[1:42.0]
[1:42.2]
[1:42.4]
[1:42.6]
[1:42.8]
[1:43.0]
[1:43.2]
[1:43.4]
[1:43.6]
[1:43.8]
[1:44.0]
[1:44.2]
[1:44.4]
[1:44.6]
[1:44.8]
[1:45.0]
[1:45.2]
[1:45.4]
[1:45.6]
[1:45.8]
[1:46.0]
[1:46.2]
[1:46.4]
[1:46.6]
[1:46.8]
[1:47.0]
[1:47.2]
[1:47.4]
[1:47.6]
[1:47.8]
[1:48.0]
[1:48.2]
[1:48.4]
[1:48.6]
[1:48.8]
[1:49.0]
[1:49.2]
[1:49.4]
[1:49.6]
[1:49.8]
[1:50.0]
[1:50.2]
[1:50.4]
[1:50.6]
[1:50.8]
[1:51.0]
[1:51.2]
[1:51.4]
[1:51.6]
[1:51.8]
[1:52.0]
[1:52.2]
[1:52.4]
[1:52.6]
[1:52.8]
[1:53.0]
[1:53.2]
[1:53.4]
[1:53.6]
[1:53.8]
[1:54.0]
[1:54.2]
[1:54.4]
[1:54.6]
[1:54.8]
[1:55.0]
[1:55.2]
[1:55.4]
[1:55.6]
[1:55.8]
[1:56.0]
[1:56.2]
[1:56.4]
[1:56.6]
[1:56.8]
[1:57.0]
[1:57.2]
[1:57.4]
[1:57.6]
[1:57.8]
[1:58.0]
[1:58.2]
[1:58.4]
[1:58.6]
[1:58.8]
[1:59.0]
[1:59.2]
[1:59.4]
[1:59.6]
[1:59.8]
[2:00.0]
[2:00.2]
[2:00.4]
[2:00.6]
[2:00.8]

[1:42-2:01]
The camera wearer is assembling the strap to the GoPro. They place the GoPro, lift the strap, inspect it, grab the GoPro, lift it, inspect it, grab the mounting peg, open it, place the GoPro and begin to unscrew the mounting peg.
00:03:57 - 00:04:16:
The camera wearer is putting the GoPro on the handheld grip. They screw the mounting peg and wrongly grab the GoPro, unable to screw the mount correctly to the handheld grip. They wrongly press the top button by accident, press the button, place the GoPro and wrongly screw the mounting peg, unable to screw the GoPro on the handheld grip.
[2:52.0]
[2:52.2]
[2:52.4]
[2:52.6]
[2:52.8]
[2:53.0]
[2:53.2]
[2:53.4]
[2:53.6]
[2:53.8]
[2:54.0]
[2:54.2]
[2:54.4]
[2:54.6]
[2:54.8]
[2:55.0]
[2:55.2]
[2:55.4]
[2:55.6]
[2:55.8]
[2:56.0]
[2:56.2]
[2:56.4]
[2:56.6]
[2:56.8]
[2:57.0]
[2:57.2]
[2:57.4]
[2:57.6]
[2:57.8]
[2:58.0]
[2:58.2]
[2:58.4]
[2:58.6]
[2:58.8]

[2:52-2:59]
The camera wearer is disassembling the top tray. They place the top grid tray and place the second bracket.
::::::::
## Exercise objective
Reproduce every line of the data without changing a word.

## Response below
[1:42.0]
[1:42.2]
[1:42.4]
[1:42.6]
[1:42.8]
[1:43.0]
[1:43.2]
[1:43.4]
[1:43.6]
[1:43.8]
[1:44.0]
[1:44.2]
[1:44.4]
[1:44.6]
[1:44.8]
[1:45.0]
[1:45.2]
[1:45.4]
[1:45.6]
[1:45.8]
[1:46.0]
[1:46.2]
[1:46.4]
[1:46.6]
[1:46.8]
[1:47.0]
[1:47.2]
[1:47.4]
[1:47.6]
[1:47.8]
[1:48.0]
[1:48.2]
[1:48.4]
[1:48.6]
[1:48.8]
[1:49.0]
[1:49.2]
[1:49.4]
[1:49.6]
[1:49.8]
[1:50.0]
[1:50.2]
[1:50.4]
[1:50.6]
[1:50.8]
[1:51.0]
[1:51.2]
[1:51.4]
[1:51.6]
[1:51.8]
[1:52.0]
[1:52.2]
[1:52.4]
[1:52.6]
[1:52.8]
[1:53.0]
[1:53.2]
[1:53.4]
[1:53.6]
[1:53.8]
[1:54.0]
[1:54.2]
[1:54.4]
[1:54.6]
[1:54.8]
[1:55.0]
[1:55.2]
[1:55.4]
[1:55.6]
[1:55.8]
[1:56.0]
[1:56.2]
[1:56.4]
[1:56.6]
[1:56.8]
[1:57.0]
[1:57.2]
[1:57.4]
[1:57.6]
[1:57.8]
[1:58.0]
[1:58.2]
[1:58.4]
[1:58.6]
[1:58.8]
[1:59.0]
[1:59.2]
[1:59.4]
[1:59.6]
[1:59.8]
[2:00.0]
[2:00.2]
[2:00.4]
[2:00.6]
[2:00.8]

[1:42-2:01]
The camera wearer is assembling the strap to the GoPro. They place the GoPro, lift the strap, inspect it, grab the GoPro, lift it, inspect it, grab the mounting peg, open it, place the GoPro and begin to unscrew the mounting peg.
00:03:57 - 00:04:16:
The camera wearer is putting the GoPro on the handheld grip. They screw the mounting peg and wrongly grab the GoPro, unable to screw the mount correctly to the handheld grip. They wrongly press the top button by accident, press the button, place the GoPro and wrongly screw the mounting peg, unable to screw the GoPro on the handheld grip.
[2:52.0]
[2:52.2]
[2:52.4]
[2:52.6]
[2:52.8]
[2:53.0]
[2:53.2]
[2:53.4]
[2:53.6]
[2:53.8]
[2:54.0]
[2:54.2]
[2:54.4]
[2:54.6]
[2:54.8]
[2:55.0]
[2:55.2]
[2:55.4]
[2:55.6]
[2:55.8]
[2:56.0]
[2:56.2]
[2:56.4]
[2:56.6]
[2:56.8]
[2:57.0]
[2:57.2]
[2:57.4]
[2:57.6]
[2:57.8]
[2:58.0]
[2:58.2]
[2:58.4]
[2:58.6]
[2:58.8]

[2:52-2:59]
The camera wearer is disassembling the top tray. They place the top grid tray and place the second bracket.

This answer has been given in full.